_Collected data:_
┄┄┄┄┄┄

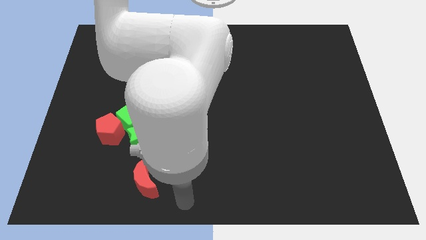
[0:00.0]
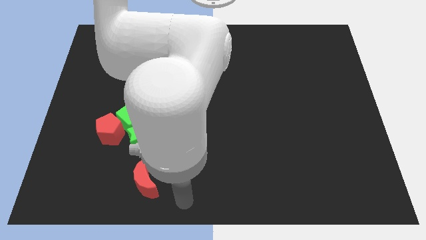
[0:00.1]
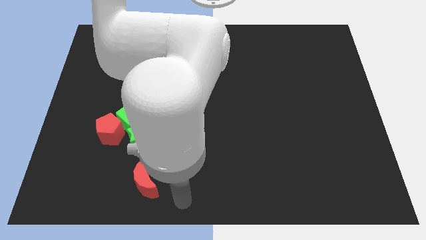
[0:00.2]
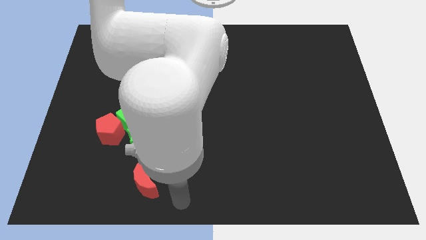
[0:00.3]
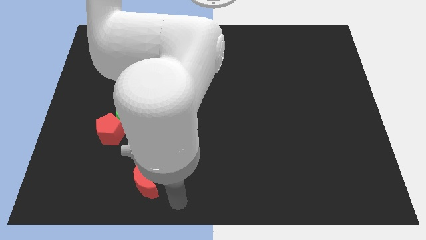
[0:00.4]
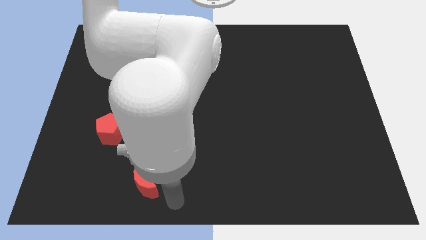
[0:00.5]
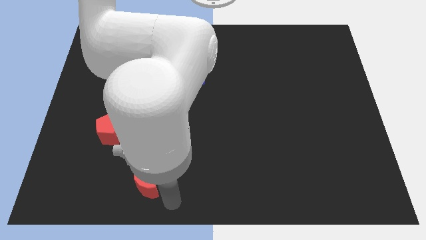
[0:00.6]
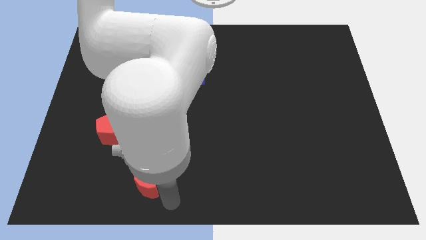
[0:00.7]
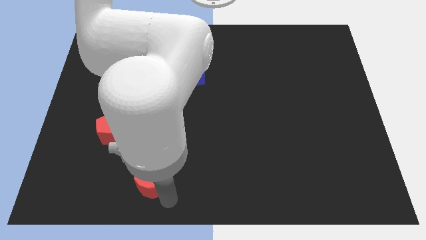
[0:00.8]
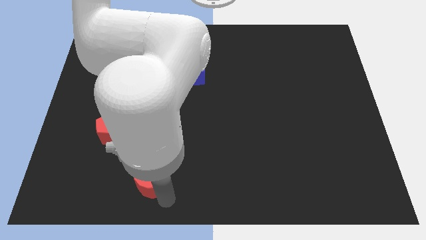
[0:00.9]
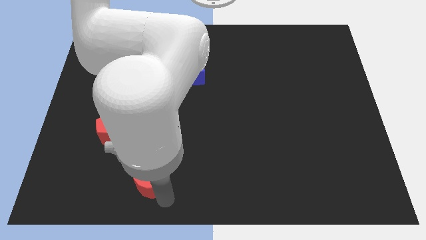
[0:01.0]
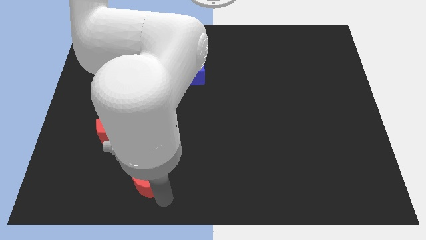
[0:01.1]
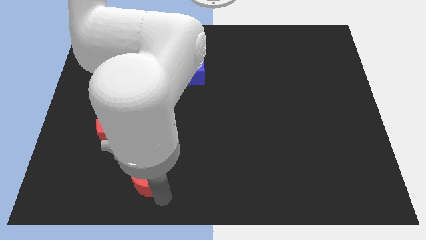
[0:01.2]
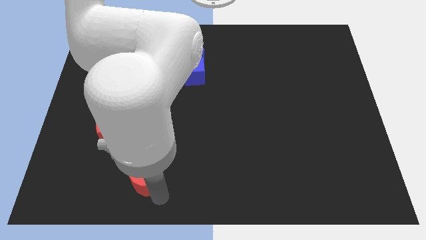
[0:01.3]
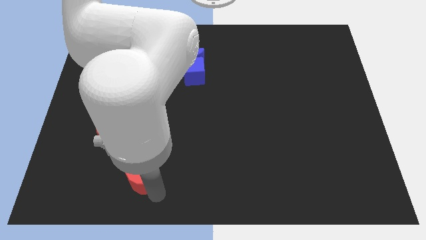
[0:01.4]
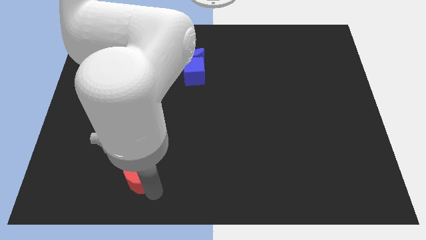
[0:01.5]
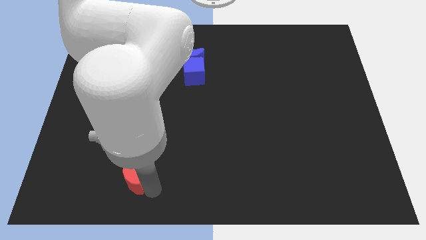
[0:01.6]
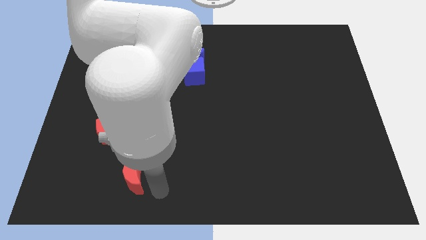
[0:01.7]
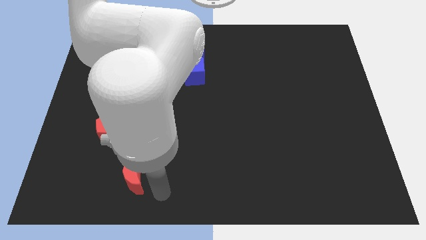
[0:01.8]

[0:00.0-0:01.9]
slightly push the red crescent slightly to the left of the board

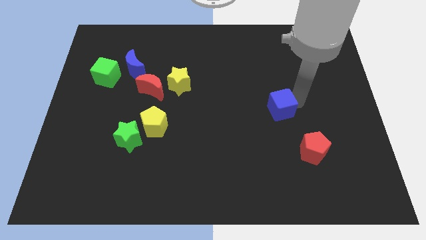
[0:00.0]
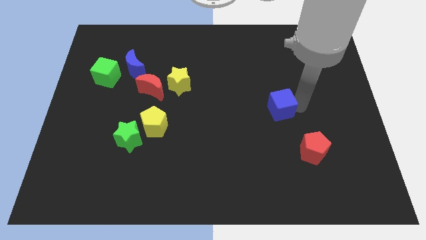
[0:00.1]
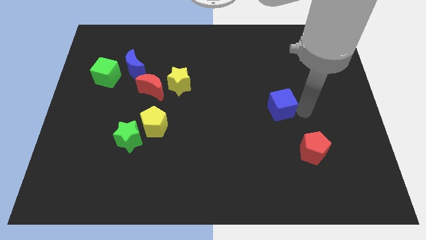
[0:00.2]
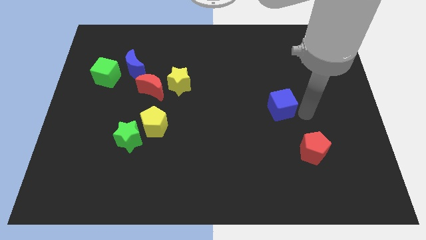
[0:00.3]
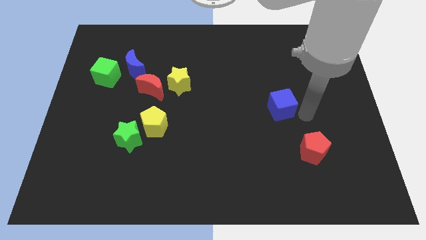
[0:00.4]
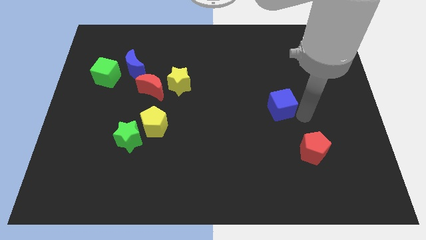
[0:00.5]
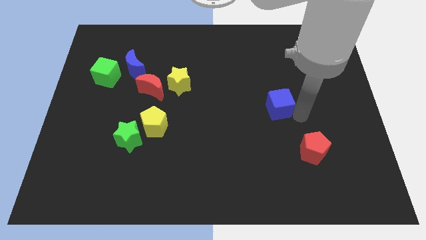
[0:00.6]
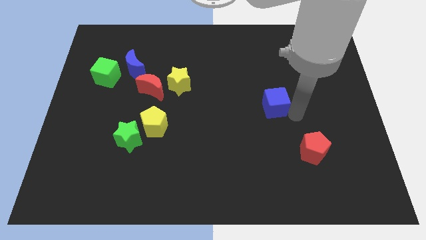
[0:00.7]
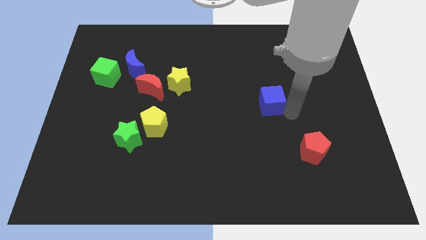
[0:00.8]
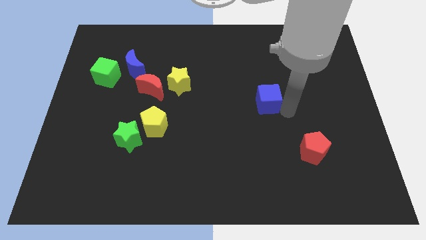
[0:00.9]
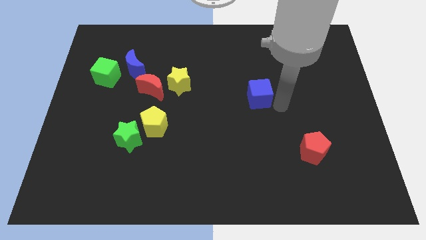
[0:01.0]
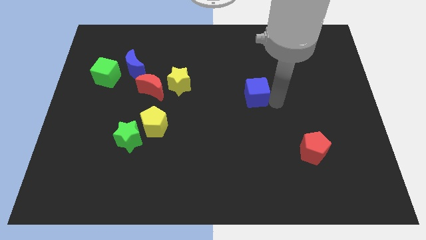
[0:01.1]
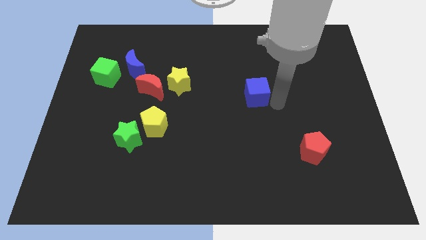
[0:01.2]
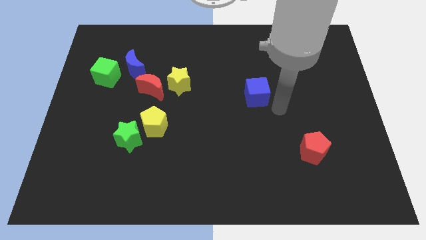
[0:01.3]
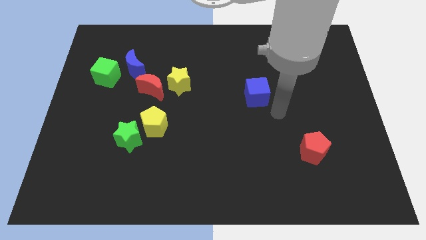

┄┄┄┄┄┄

_WHAT IS NEEDED:_ Return every entry of the data above verbatim, with no images included.

_WRITTEN ANSWER:_
[0:00.0]
[0:00.1]
[0:00.2]
[0:00.3]
[0:00.4]
[0:00.5]
[0:00.6]
[0:00.7]
[0:00.8]
[0:00.9]
[0:01.0]
[0:01.1]
[0:01.2]
[0:01.3]
[0:01.4]
[0:01.5]
[0:01.6]
[0:01.7]
[0:01.8]

[0:00.0-0:01.9]
slightly push the red crescent slightly to the left of the board

[0:00.0]
[0:00.1]
[0:00.2]
[0:00.3]
[0:00.4]
[0:00.5]
[0:00.6]
[0:00.7]
[0:00.8]
[0:00.9]
[0:01.0]
[0:01.1]
[0:01.2]
[0:01.3]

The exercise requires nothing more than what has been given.